Kernel panic and hard disk failure

Mon Nov 16 15:23:02 UTC 2015

Hi,

disclosure: I am a freebsd newbie coming from Mac OS X and Linux, even 
some Windows..., please be gentle. My questions are listed at the 
bottom, here is the background.

I have a Dell 755 Optiplex configured as follows:
Two SATA disks - 240GB SSD + 750GB HDD
8 GB RAM
Quad core Intel 2.83Ghz CPU
FreeBSD 10.2-Release

I came into my home office yesterday and the console was displaying a 
disk error and the system was prompting for a shell. I entered shell and 
a core dump was generated and saved in /var/crash. Since this was my 
first experience with such an event, I just merrily went about my day 
after a reboot. It happened again, later in the day. I figured it was a 
bad hard drive and replaced it with a spare and restored from rsync 
backup. After thinking a bit more about the situation, I decided to look 
at the crash directory to see if there was anything to be learned there. 
Apparently, there is quite a bit for me to learn yet :).

In /var/crash, there were 12 files and two symlinks:
bounds
core.txt.0
core.txt.1
core.txt.2
info.0
info.1
info.2
info.last
minfree
vmcore.0
vmcore.1
vmcore.2
vmcore.last
Three dumps? Hmm... I did file on the files to see if any were ASCII, 
and sure enough, bounds, core.txt.X, info.X, minfree were.

bounds contained the single number 3
minfree contained the number 2048
info.X contained basic crash dump information.

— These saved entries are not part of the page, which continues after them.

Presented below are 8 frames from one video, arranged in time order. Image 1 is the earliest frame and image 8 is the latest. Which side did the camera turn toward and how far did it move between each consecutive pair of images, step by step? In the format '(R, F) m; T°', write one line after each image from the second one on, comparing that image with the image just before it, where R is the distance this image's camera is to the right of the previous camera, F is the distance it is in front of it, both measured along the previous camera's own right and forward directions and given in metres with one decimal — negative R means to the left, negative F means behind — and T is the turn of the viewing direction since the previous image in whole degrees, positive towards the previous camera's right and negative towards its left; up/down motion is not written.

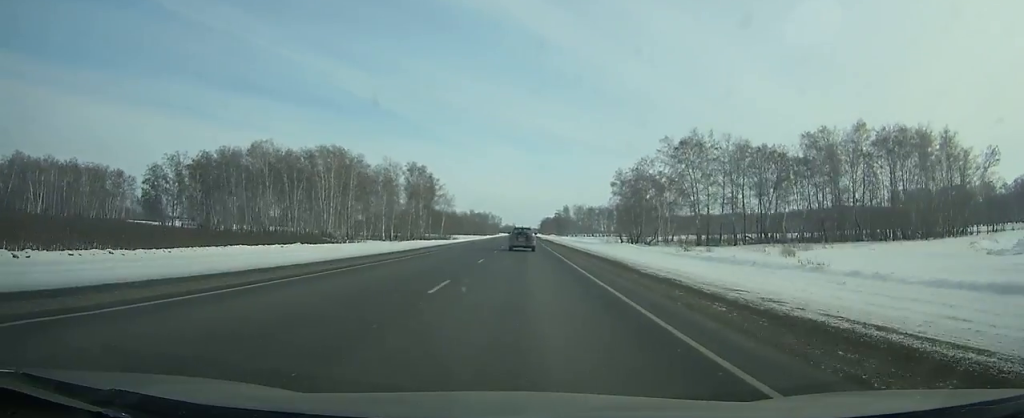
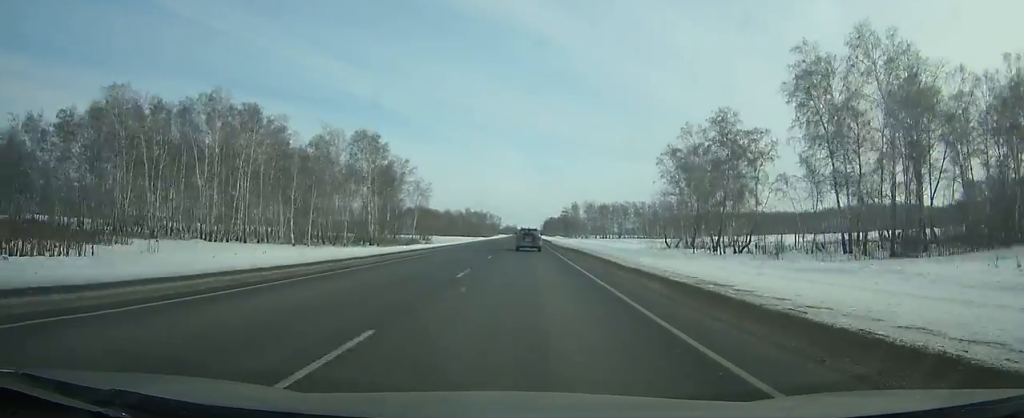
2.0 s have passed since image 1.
(0.0, +54.5) m; 0°
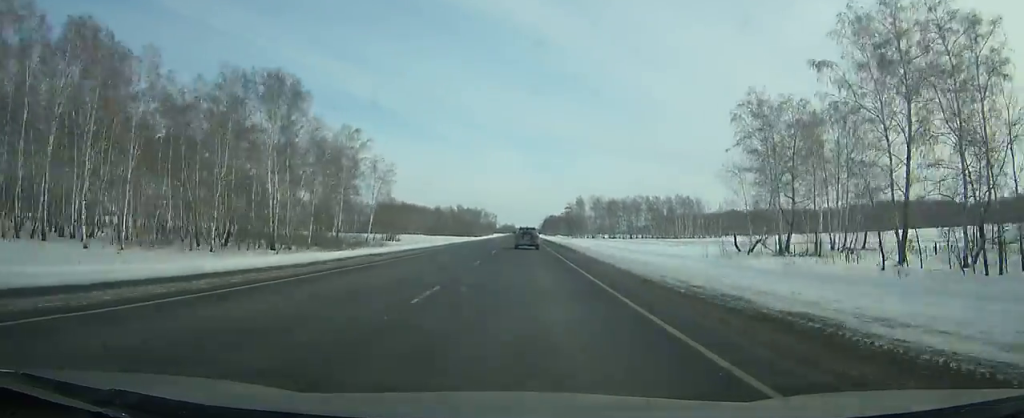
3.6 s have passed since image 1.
(0.0, +43.5) m; 0°
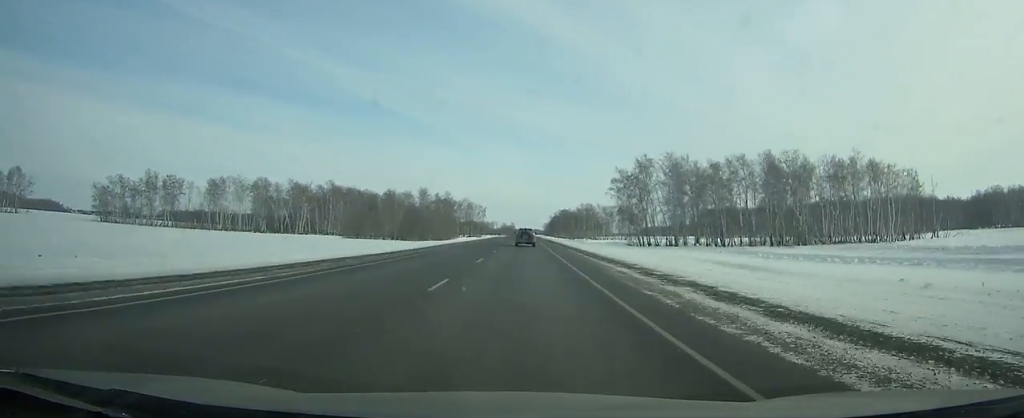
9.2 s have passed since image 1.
(-0.4, +154.4) m; 0°
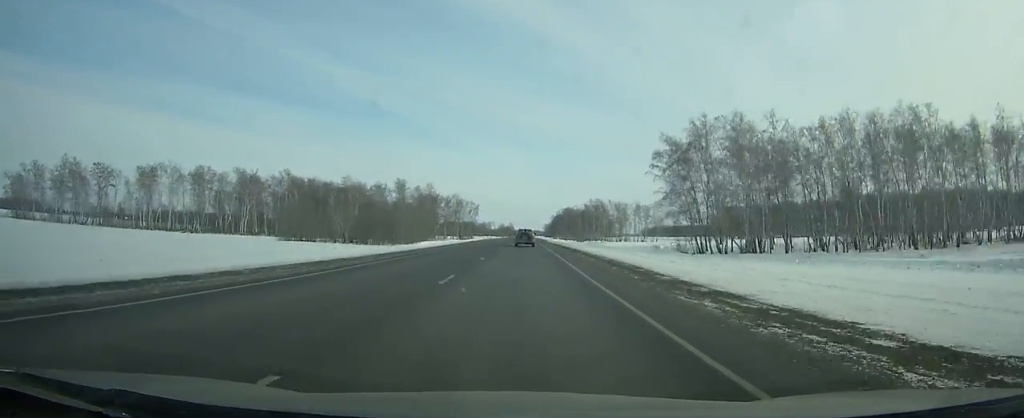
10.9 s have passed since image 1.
(0.0, +47.4) m; 0°
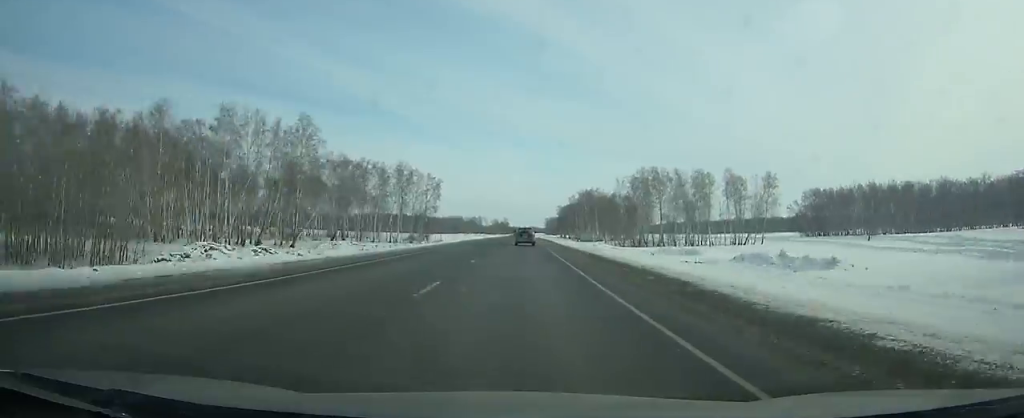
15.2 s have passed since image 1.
(+0.2, +120.9) m; 0°
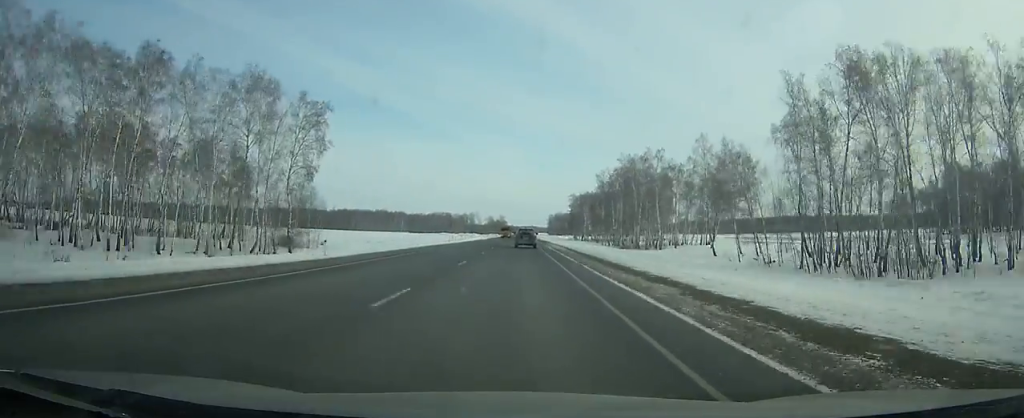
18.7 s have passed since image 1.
(+0.3, +98.1) m; 0°
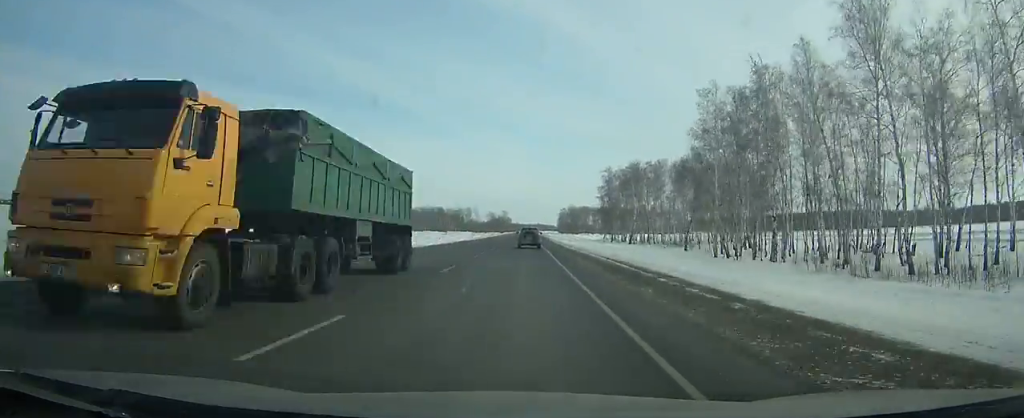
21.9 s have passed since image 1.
(-0.2, +88.5) m; 0°
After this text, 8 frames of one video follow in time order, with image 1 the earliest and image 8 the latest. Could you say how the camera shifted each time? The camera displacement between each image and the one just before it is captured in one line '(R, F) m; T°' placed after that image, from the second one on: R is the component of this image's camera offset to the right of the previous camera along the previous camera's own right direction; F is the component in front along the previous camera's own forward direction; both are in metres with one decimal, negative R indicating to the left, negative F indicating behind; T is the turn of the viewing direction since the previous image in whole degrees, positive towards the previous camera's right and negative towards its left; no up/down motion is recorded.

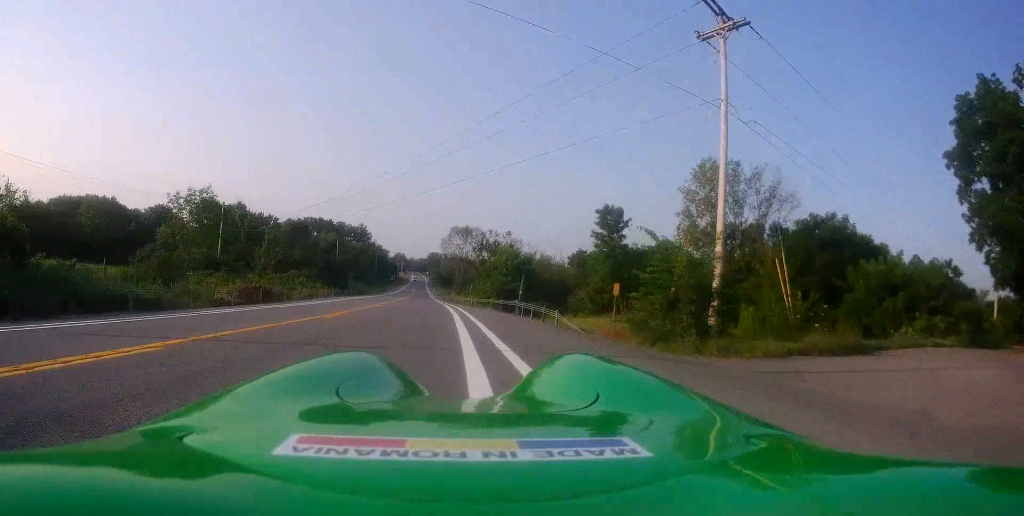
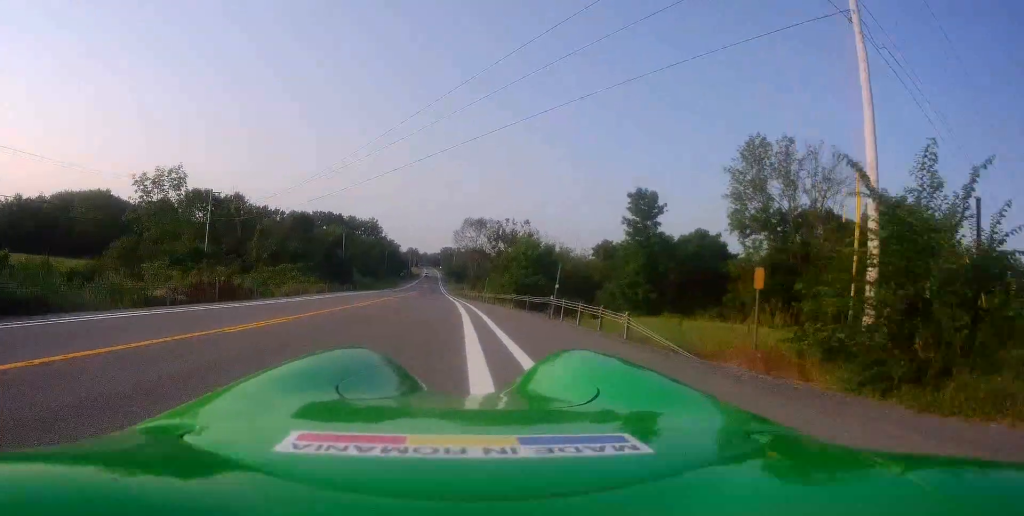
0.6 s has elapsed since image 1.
(0.0, +7.7) m; 0°
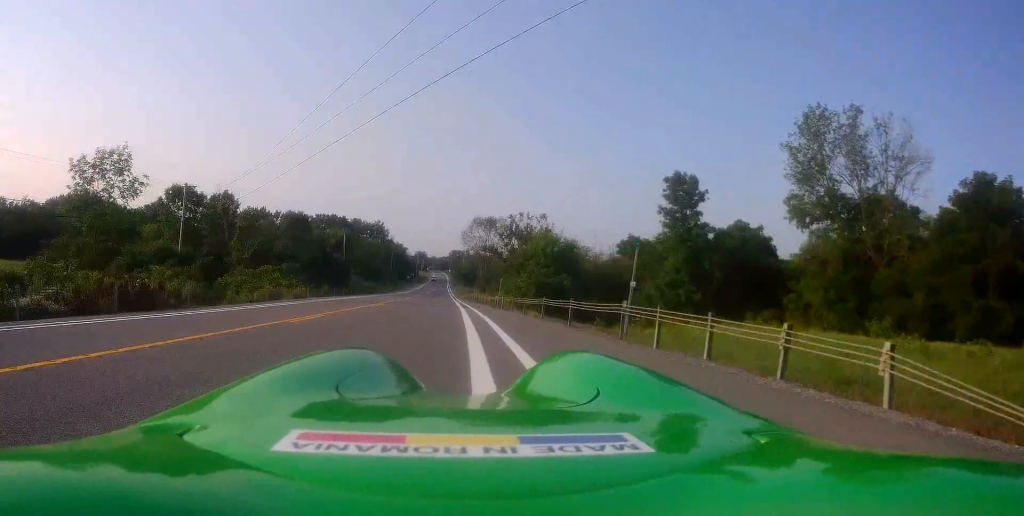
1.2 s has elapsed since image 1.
(0.0, +8.3) m; -1°
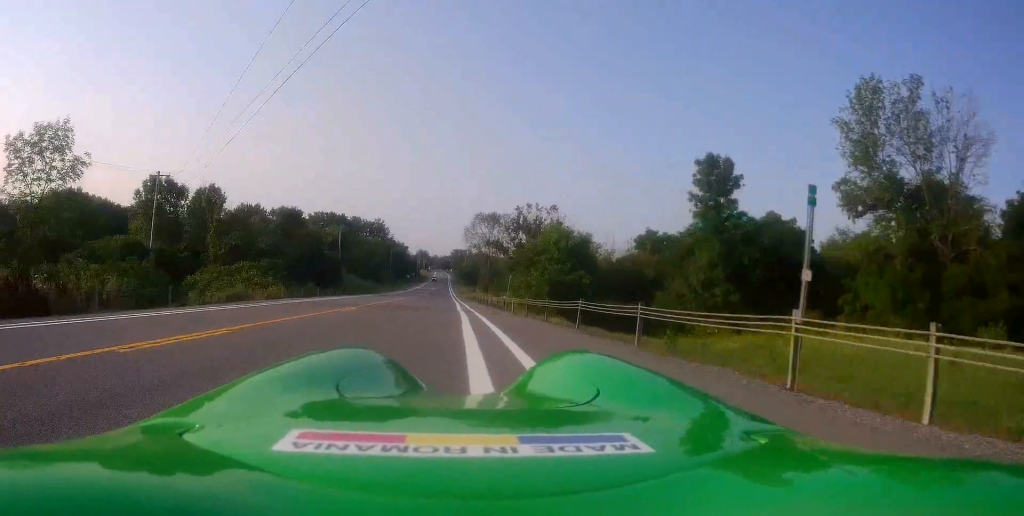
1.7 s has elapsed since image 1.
(+0.1, +6.2) m; -2°
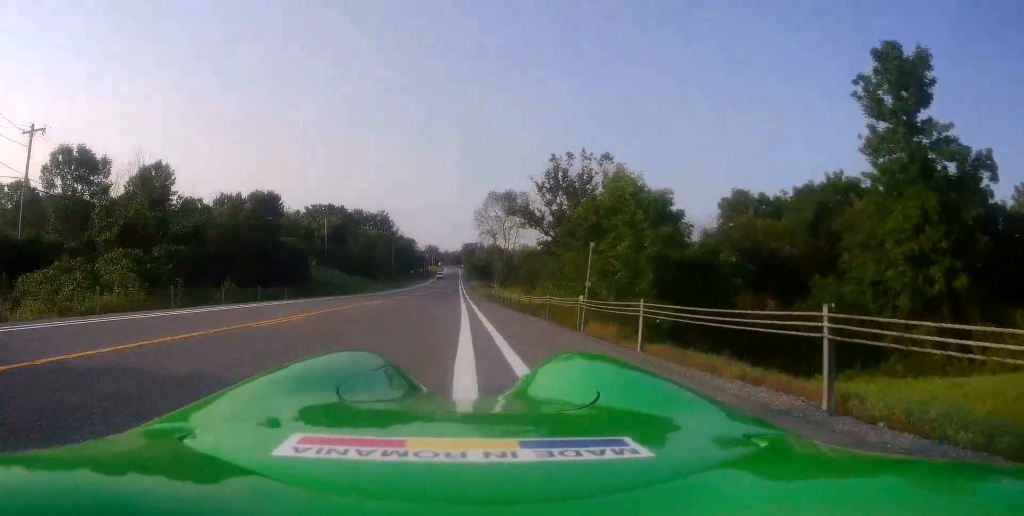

The first had Panic 
String: page fault, the other two had Panic String: 
softdep_deallocate_dependencies: dangling deps.
core.txt.X files look like a lot of different system tools being run and 
the results concatenated together

Next, I looked at the vmcore.0 files using kgdb /boot/kernel/kernel 
/var/crash/vmcore.X, this produced yet more information (overload? not 
yet, but getting there):

--- the first crash, snip
Unread portion of the kernel message buffer:
<118>Oct 28 19:33:05 freebird syslogd: exiting on signal 15

Fatal trap 12: page fault while in kernel mode
cpuid = 2; apic id = 02
fault virtual address    = 0x18
fault code        = supervisor read data, page not present
instruction pointer    = 0x20:0xffffffff80906fa9
stack pointer            = 0x28:0xfffffe0231eb8830
frame pointer            = 0x28:0xfffffe0231eb8a20
code segment        = base 0x0, limit 0xfffff, type 0x1b
             = DPL 0, pres 1, long 1, def32 0, gran 1
processor eflags    = interrupt enabled, resume, IOPL = 0
current process        = 961 (kwin)
trap number        = 12
panic: page fault
cpuid = 2

--- the second and third crashes, snip
Unread portion of the kernel message buffer:
Device ada1p1 went missing before all of the data could be written to 
it; expect data loss.
panic: softdep_deallocate_dependencies: dangling deps
cpuid = 0

I didn't know what signal 15 was, so I did kill -l and figured out it 
was SIGTERM. I got the feeling the reason I didn't know about the first 
crash was that I probably killed/reset a reboot process or something.

Out of this exercise, I have the following questions that I hope someone 
can help with:

1. Is bounds the number of crashes in /var/crashes, or what?
2. What is minfree?
3. What does it mean that the device went missing?
4. Does the information above sound like a faulty hard drive or are 
there additional tests that will tell me more about the failure?

The device in question is the 750GB HDD, it is formatted ufs and is the 
target of rsync jobs running on another FBSD machine and Mac machine 
through rysncd. I replaced it out of due caution, but haven't thrown 
away the drive yet.

Thanks,

Will